Drones, another type of robot, fly above the land. Yet these, too, have some disadvantages. A gust of wind can blow them off course, for instance. And if their propellers got too close, drones might damage plants. More importantly, drones have a short battery life. To tackle long tasks, farmers might have to recharge them every half hour or so.

Swinging, in contrast, is an energy-efficient motion. The reason: It makes use of gravity to power movement. This is similar to the way a child can pump her legs to get a playground swing to go higher and higher. With that efficiency, a robot like Tarzan can work out in a field for months at a time, without needing to be recharged, Rogers says.

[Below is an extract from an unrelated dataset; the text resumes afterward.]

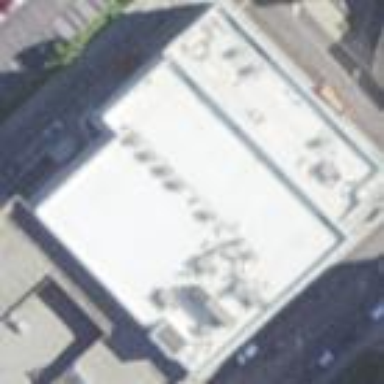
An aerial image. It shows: Cinema building.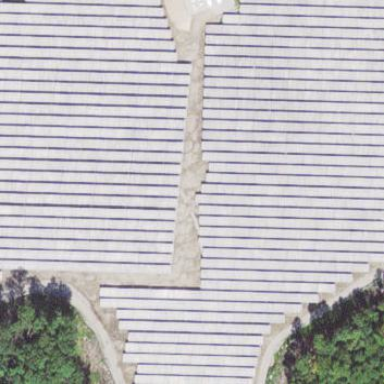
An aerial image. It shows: Solar power plant utilizing photovoltaic technology to produce electricity.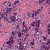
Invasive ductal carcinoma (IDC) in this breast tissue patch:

What makes this swinger new

Tarzan is not the first swinging robot, notes Mark Spong. He’s a robotics researcher at the University of Texas at Dallas. Some teams have built robots that do gymnastics. Others imitate primates. He says one inventor even covered a swinging robot in fur to make it look like an orangutan. But what’s new, he says, is using swinging motion to save energy — and the idea of building a wire structure to move around above crops.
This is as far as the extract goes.